SeaWorld’s legal team argued to Judge Welsch that OSHA had not done enough to demonstrate how mitigation would work and whether it would be feasible. SeaWorld’s lead lawyer, Carla Gunnin, also called SeaWorld vice president of veterinary services Chris Dold to the stand. Dold testified that had trainers been swimming routinely with a SeaWorld Florida killer whale called Kalina, who died suddenly last year, they might have determined that something was wrong before Kalina showed signs of serious illness. In addition, Dold testified that the greater the degree of trainer contact with the killer whales, the better SeaWorld’s ability to care for them. General surgery on a killer whale is not an option, he explained, “so if a killer whale has a problem, I need to know very, very early.”
On cross-examination, Black got Dold to concede that there are no animal-care procedures that require trainers to be in the water with the killer whales.
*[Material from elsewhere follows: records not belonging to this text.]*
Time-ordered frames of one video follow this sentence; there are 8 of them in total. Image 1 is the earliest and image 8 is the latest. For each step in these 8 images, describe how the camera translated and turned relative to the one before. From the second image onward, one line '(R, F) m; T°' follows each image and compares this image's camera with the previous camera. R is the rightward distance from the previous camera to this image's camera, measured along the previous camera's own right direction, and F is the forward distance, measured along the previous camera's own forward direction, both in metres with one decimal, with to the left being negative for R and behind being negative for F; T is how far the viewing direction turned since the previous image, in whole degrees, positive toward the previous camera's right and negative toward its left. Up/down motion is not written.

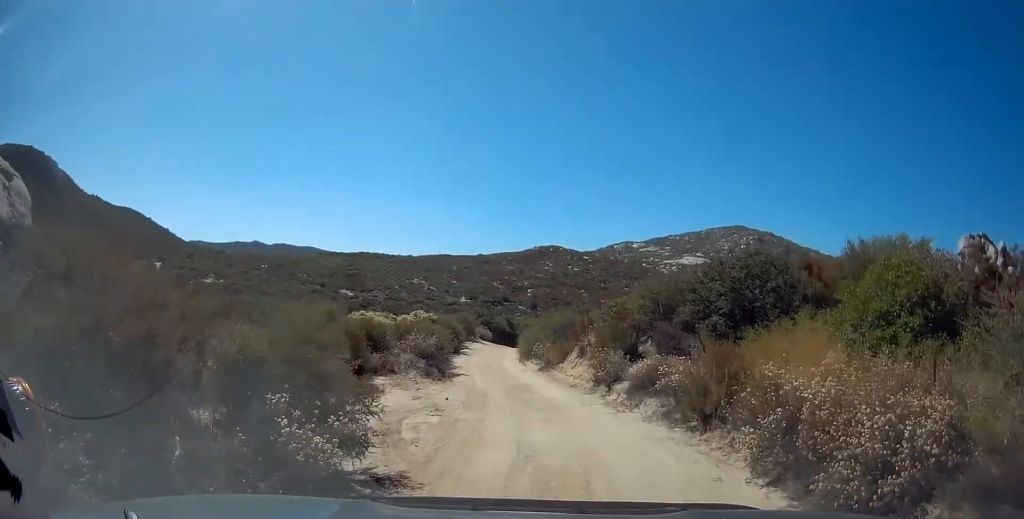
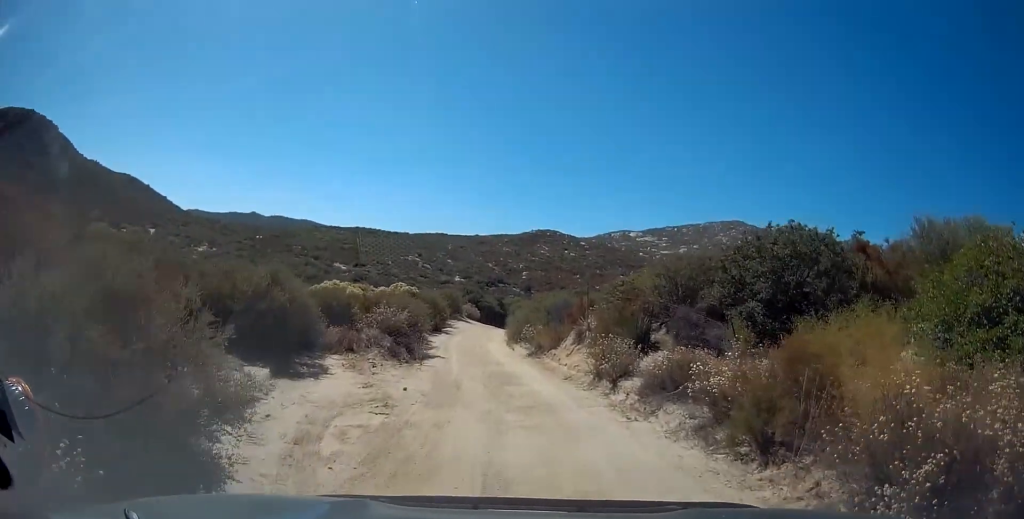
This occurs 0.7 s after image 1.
(+0.4, +3.4) m; +1°
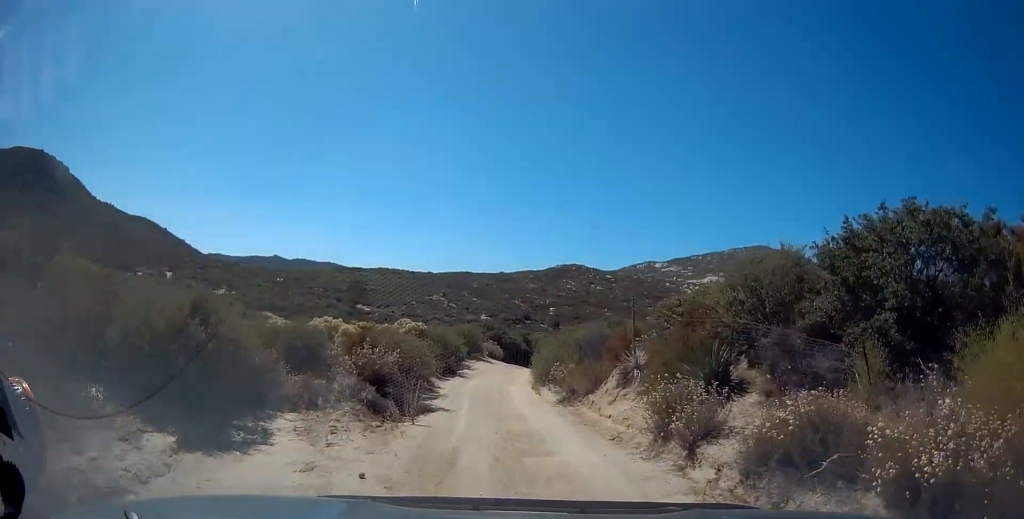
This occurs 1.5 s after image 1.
(0.0, +4.4) m; -3°
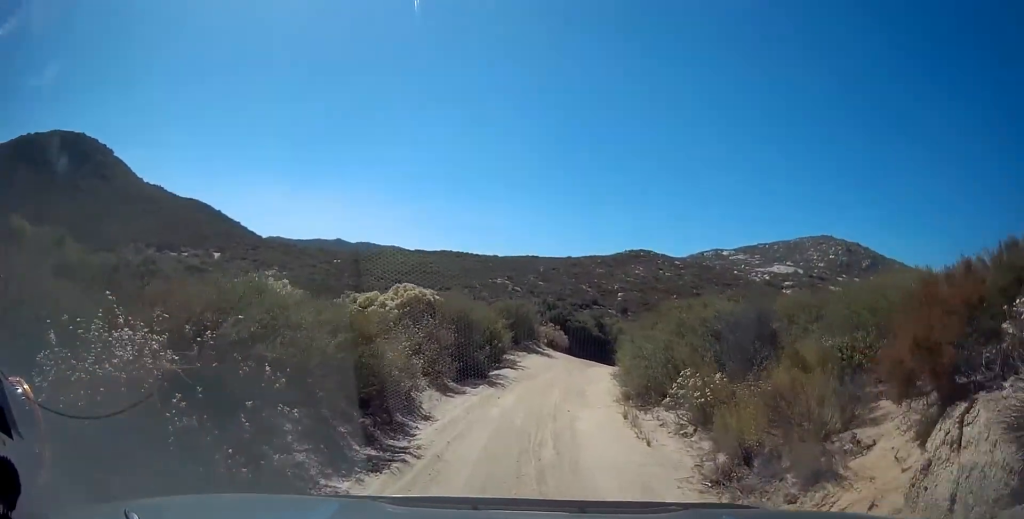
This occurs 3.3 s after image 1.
(-0.9, +11.0) m; -6°
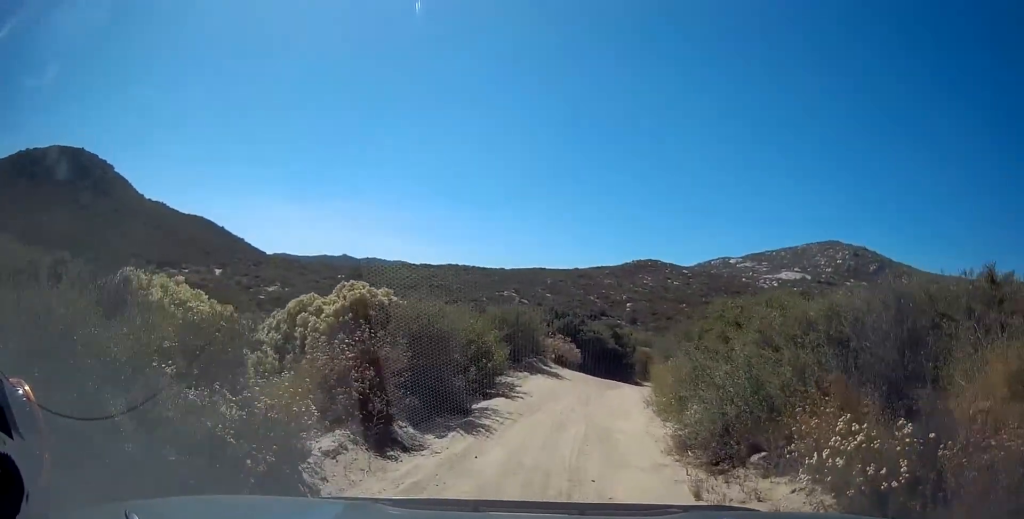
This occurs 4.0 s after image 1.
(+0.1, +4.8) m; -1°
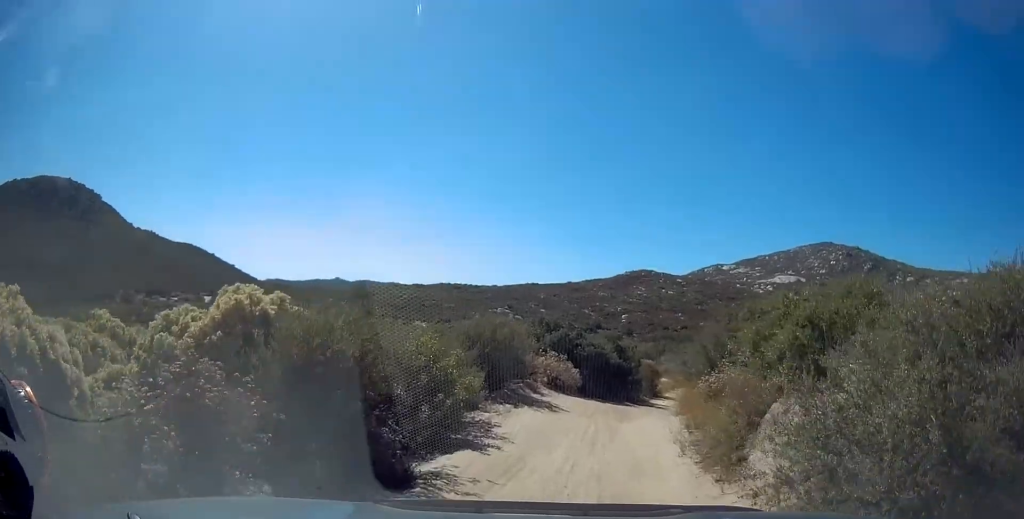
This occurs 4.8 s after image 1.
(-0.2, +4.5) m; 0°
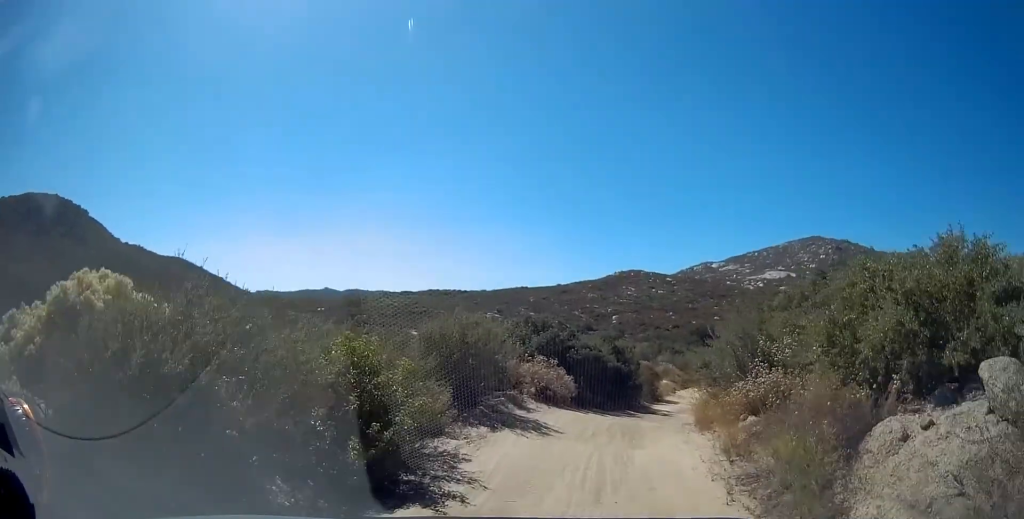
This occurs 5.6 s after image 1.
(+0.1, +3.4) m; 0°
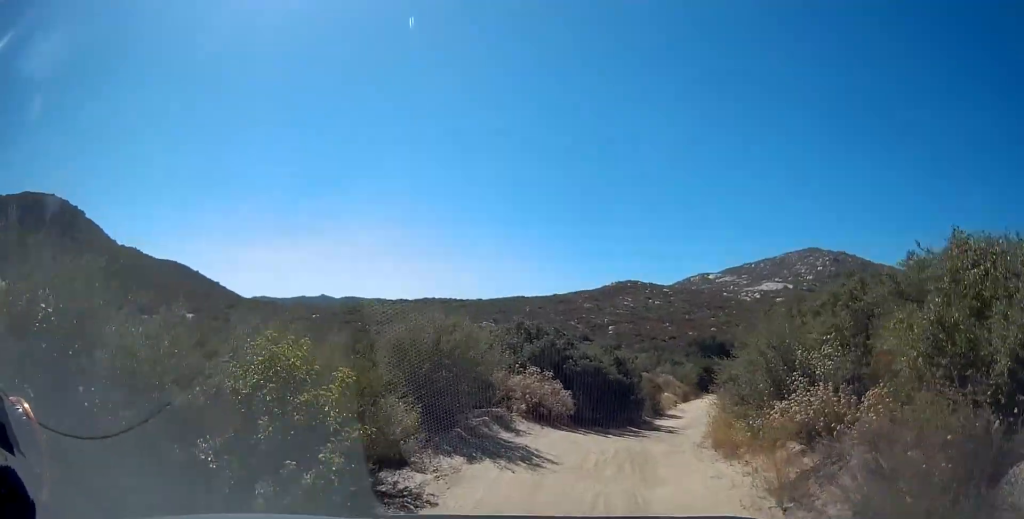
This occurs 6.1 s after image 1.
(+0.2, +2.1) m; -1°

And when asked if under SeaWorld’s current procedures, which include extracting blood samples from Tilikum while the vet is positioned behind a low wall, he was unable to take care of SeaWorld’s killer whales, Dold replied, “We can still exact care on these animals, whatever barriers are thrown up.” “SeaWorld is adequately caring for the whales to this day?” Black pressed. “Undoubtedly,” Dold answered.
Judge Welsch clearly showed he is focused on the question of how safety restrictions might affect SeaWorld as a business. “How important is the water work to SeaWorld Orlando in terms of the shows?” he asked SeaWorld’s Flaherty Clark. “I would say it is an important component of the shows,” she answered.
As soon as full transcripts of the hearing are completed, which could take more than a month, both OSHA and SeaWorld will have 45 days (more if they need it, Judge Welsch indicated) to summarize their arguments in briefs. Judge Welsch will then bury himself in a hearing record that runs to thousands of pages and issue a decision, likely sometime next Spring.
That decision won’t necessarily settle the matter. Both sides are likely to appeal further if they lose. So the case, which has the potential to redefine SeaWorld’s Shamu shows, could go on well into next year and beyond.